Thursday, 13 June 2013

Withdrawal Symptoms

I've been locked down in a hotel "somewhere in Europe"  all week working on a deal. I have to admit my mind has occasionally wandered to thoughts related to model railways.

Sometimes it is important to remember it is a hobby and to appreciate that. When your head is buzzing with ideas and problems that need effort to resolve it can be remarkably helpful to focus on something else instead.

It is frustrating though when one of the railway related problems falls into place in your head and you can't just pick up a scalpel and some plastic card and fix it there and then but it does give you something to look forward to at the weekend.

In this case it is window construction that has been on my mind. I think a couple of simple jigs are needed to aid production.  That and a change of mindset so that I build the windows first and then make a hole to fit the window rather than the other way about.

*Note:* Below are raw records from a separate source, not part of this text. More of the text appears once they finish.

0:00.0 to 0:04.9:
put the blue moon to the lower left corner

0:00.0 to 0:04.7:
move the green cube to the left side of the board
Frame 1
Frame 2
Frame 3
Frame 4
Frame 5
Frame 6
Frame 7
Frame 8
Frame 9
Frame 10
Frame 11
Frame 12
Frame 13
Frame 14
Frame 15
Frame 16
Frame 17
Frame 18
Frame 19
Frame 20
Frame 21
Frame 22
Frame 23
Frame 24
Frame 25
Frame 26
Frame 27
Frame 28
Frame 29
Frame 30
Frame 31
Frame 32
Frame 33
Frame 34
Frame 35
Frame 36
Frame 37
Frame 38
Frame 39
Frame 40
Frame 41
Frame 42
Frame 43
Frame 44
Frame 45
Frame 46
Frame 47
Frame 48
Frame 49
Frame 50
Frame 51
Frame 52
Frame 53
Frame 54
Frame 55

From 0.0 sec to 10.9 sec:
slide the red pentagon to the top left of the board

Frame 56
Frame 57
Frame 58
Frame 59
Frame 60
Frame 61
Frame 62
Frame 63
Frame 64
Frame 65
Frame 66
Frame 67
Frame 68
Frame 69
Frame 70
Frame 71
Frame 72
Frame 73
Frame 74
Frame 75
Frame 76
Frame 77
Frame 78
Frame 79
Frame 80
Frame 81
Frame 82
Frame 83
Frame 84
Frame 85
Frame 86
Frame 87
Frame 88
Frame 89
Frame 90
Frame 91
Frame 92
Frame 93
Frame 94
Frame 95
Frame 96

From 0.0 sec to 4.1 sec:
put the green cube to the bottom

Now I know that must sound obvious to some of you but it reveals a flaw in the way I sometimes think, and I'm sure I'm not unique in this. It is tempting to be constrained by a perceived limit in your ability. I worry about my ability to accurately hack out correctly sized holes from Wills sheet. Therefore I attempt to compensate for that by building window-frames in situ to suit the size of the hole I have produced, which just compounds the inaccuracy. Instead of compromising around what I'm worst at doing and building in more and more errors I should be doing the opposite to ensure the impact of those things I'm bad at is minimised.